Accounting Standards Codification (ASC) Topic 740, Income Taxes, requires filers to measure current and deferred income taxes based upon the tax laws that are enacted as of the balance sheet date of the relevant reporting period. Companies should review the tax law changes in detail to determine the financial statement impacts. Discussed below are potential ASC 740 considerations relating to the several aspects of new law. For a more detailed discussion of the provisions within the legislation, please see PwC's Tax Insights publication, New York tax reform enacted, dated April 2, 2014.
New York Governor Andrew Cuomo signed into law the state's FY14-15 executive budget legislation. The legislation was signed in the final hours of March 31, 2014, which as a result requires companies to report the tax accounting effects of the new law in the first quarter for calendar year financial statement filers.
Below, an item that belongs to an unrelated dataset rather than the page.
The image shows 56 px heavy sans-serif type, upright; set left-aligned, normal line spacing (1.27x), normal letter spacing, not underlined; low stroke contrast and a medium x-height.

The legislation repeals the bank franchise tax (Article 32) and subjects all corporations to a revised corporate franchise tax (Article 9-A) for tax years beginning on or after January 1, 2015. The legislation also reduces the corporate tax rate from the current rate of 7.1% to 6.5% effective for tax years beginning on or after January 1, 2016. In addition, companies that meet the requirements to be considered a "qualified New York manufacturer" will be subject to a tax rate of 0% on its Entire Net Income tax base for tax years beginning on or after January 1, 2014.
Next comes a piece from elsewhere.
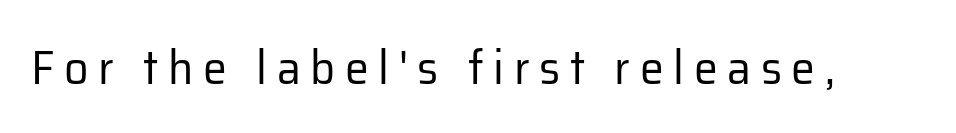
The image shows 48 px regular-weight sans-serif type, upright; set unusually wide letter spacing (+0.2 em), not underlined; low stroke contrast and a medium x-height.

The state's apportionment rules have also been revised so that business income and capital are apportioned using a single receipts factor with a complex series of customer based sourcing rules.
ASC 740 requires companies to measure current and deferred income taxes based on the tax laws enacted as of the balance sheet date of the relevant reporting period. Additionally, deferred tax assets and liabilities are measured based upon the enacted law that will apply when the corresponding temporary differences are expected to be realized or settled. As a result, legislation having an effective date in the future (e.g., the corporate rate reduction included in the New York legislation) will often nonetheless cause an immediate financial reporting consequence.
When a tax law change occurs during an interim reporting period, adjustments to the deferred tax assets and liabilities, which were accounted for as of the beginning of the year, should be reported discretely in continuing operations in the period of enactment. However, the effects of a change in tax law on temporary differences originating in the year of enactment should be reflected in the estimated annual effective tax rate calculation.
Companies should consider the changes in the tax rate, as well as the changes in apportionment to determine the proper accounting.
For tax years beginning on or after January 1, 2015, New York will require combined filing for companies engaged in a unitary business with affiliates that meet certain ownership requirements. The legislation replaces the existing combination provisions, which require combination based on the existence of substantial inter-corporate transactions.
With the repeal of the bank franchise tax mentioned above, financial institutions may become includible (for tax years beginning on or after Janurary 1, 2015) in a combined return with non-bank subsidiaries.
In applying ASC 740, companies should consider which members will be included in future New York combined returns. In addition to the effect on measuring deferred taxes, this can also have an impact on the realization of existing deferred tax assets (i.e., reassessment of an established valuation allowance).
The legislation revises the state's existing net operating loss provisions and introduces a new 'prior net operating loss (PNOL) conversion subtraction' concept. In computing business income, taxpayers are allowed both the PNOL and a net operating loss deduction (NOLD). The PNOL will be applied against the business income base before the NOLD. The amount of the PNOL deduction is subject to specified limitations each year.
Companies will need to estimate the amount of NOLs expected to be carried over to the first taxable year beginning after January 1, 2015 to determine the appropriate PNOL deferred tax asset to be recorded. When considering the need for a valuation allowance against a PNOL deferred tax asset, a significant scheduling exercise may be necessary given the extended period of time allocated to utilize the PNOL (January 1, 2036) and the interplay with the annual loss limitation.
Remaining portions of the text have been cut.